Joseph Campbell famously offered the following advice when asked for guidance, “Follow your bliss.” He didn’t say follow your pleasures. He didn’t say follow the endless desires of your ordinary self. The bliss he spoke of is the deep contentment and joy found in our natural self at the center of our being. When we access that “bliss” we find a timeless and abundant source of peace and delight that then allows everything in common experience to be “appareled in celestial light.” It is not that our inner discovery then causes us to leave day-to-day life, much the opposite, it causes us to see the infinite beauty in others and all daily experience as well as the confusion and suffering that covers this beauty for many. This seeing evokes a deep compassionate desire to use one’s life to be of service and benefit to others.

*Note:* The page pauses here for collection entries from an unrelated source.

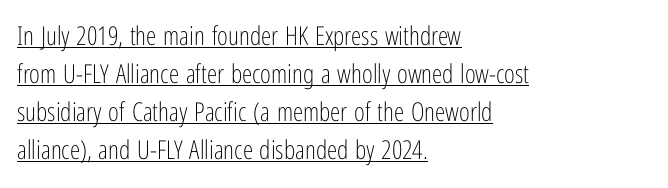
{"italic": "no", "bold": "no", "underline": "yes", "align": "left", "line_spacing": "normal", "line_spacing_ratio": 1.46, "letter_spacing": "normal", "letter_spacing_em": 0.0, "glyph_px": 26}
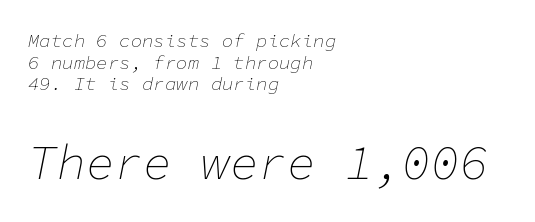
Quick note: interline space is minimal. Spacing between characters is what you'd get straight out of the box. Italic? Definitely — the glyphs are oblique. Is the lower block the larger one? Yes — the lower block carries the bigger type.
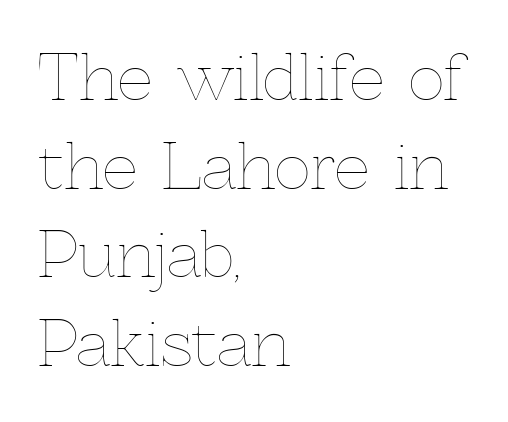
{"italic": "no", "bold": "no", "weight": "thin", "width": "normal", "x_height": "medium", "monospaced": "no", "underline": "no", "align": "left", "line_spacing": "normal", "line_spacing_ratio": 1.43, "letter_spacing": "normal", "letter_spacing_em": 0.0, "glyph_px": 62}
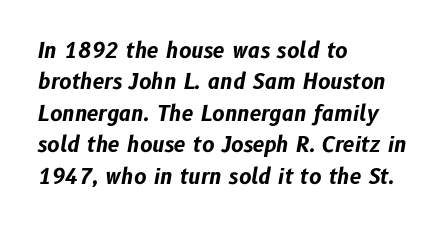
Q: Is the text bold? A: Yes.
Q: Is the text italic (slanted)? A: Yes, it leans right by about 10 degrees.
Q: Is the text underlined? A: No.
Q: How is the paragraph aligned? A: Left-aligned.
Q: Is the spacing between letters normal or unusually wide? A: Normal.
Q: Is the spacing between lines tight, normal or loose? A: Normal.
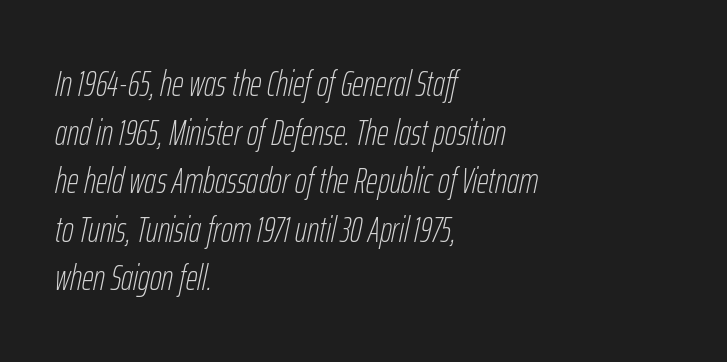
Character widths vary here, with narrow letters taking less room than wide ones. Letters have the restrained weight of plain body copy at most. Where is the straight margin? On the left. You could call the tracking neutral — neither tight nor loose. Words float on clear page, feet unadorned.
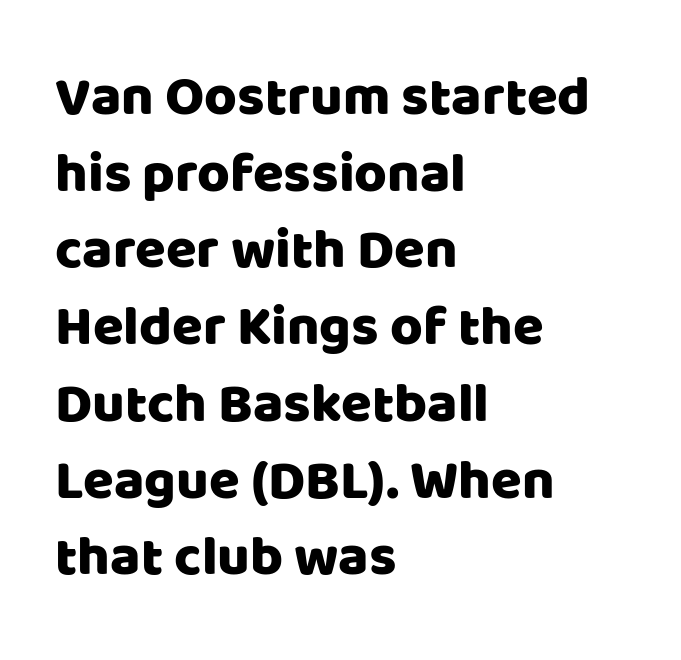
Q: Is the text italic (slanted)? A: No, it is upright.
Q: Is the typeface a serif or a sans-serif typeface? A: Sans-serif.
Q: Is the text underlined? A: No.
Q: How is the paragraph aligned? A: Left-aligned.
Q: Is the spacing between letters normal or unusually wide? A: Normal.
Q: Is the spacing between lines tight, normal or loose? A: Normal.
Q: Width (condensed, normal, or wide)? A: Normal.
Q: Stroke contrast? A: Low.
Q: x-height? A: Large.
Q: Monospaced? A: No.
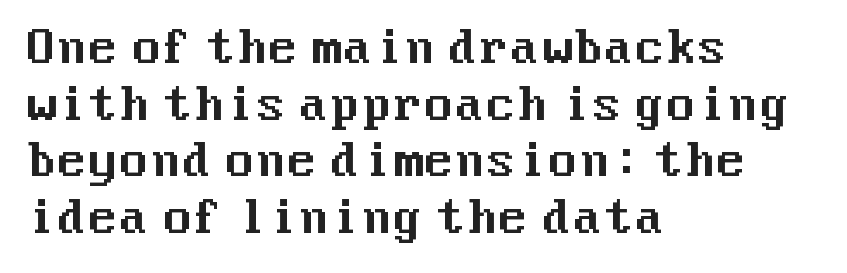
The image shows 45 px sans-serif type, upright; set left-aligned, normal line spacing (1.26x), normal letter spacing, not underlined; medium stroke contrast and a medium x-height.
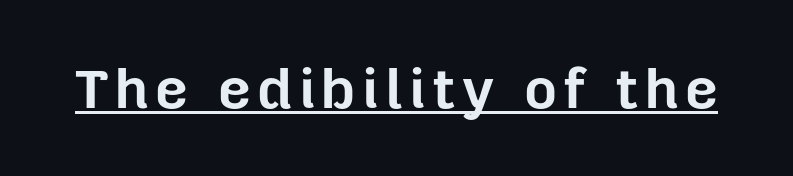
{"serif": "no", "italic": "no", "bold": "yes", "weight": "bold", "width": "normal", "stroke_contrast": "low", "x_height": "medium", "monospaced": "no", "underline": "yes", "glyph_px": 57}
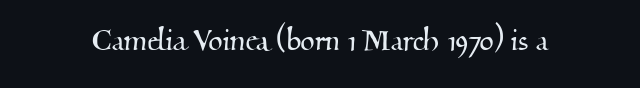
Q: Is the typeface a serif or a sans-serif typeface? A: Serif.
Q: Is the text underlined? A: No.
Q: Is the spacing between letters normal or unusually wide? A: Normal.
Q: Width (condensed, normal, or wide)? A: Normal.
Q: Stroke contrast? A: Medium.
Q: x-height? A: Small.
Q: Monospaced? A: No.
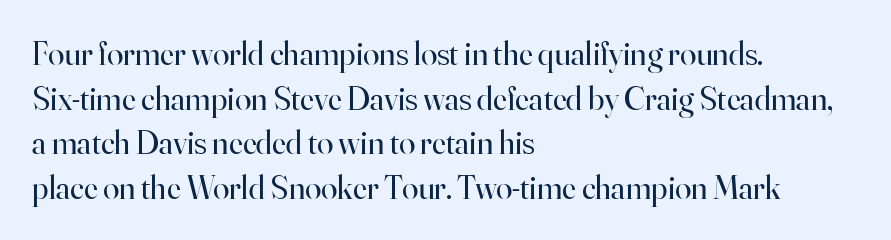
{"serif": "yes", "italic": "no", "bold": "no", "weight": "regular", "width": "normal", "stroke_contrast": "high", "x_height": "small", "monospaced": "no", "underline": "no", "align": "left", "line_spacing": "normal", "line_spacing_ratio": 1.35, "letter_spacing": "normal", "letter_spacing_em": 0.0, "glyph_px": 33}
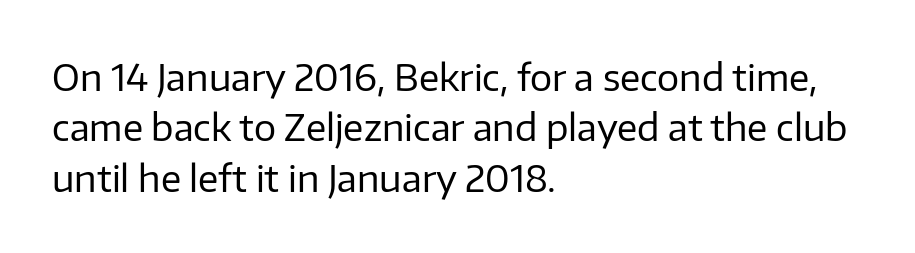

So now we know why people who lack everything and others who have everything are vulnerable to the same human despair and hopelessness. And, we know the precise antidote. It is the re-discovery of who we truly are through a process of inner education resulting in personal transformation.
In T.S. Eliot’s words:
We shall not cease from exploration,
and the end of all our exploring
will be to arrive where we started
and know the place for the first time.
And when we return home, what we once perceived as a fearful hollowness, will be experienced as a reservoir of serenity, happiness, wisdom, love, and freedom. Our search for “spiritus” will be resolved at the source, and suffering will naturally come to an end. In the joy of a simple being the seeker ceases and there is nothing further to seek in the outer world. It is done.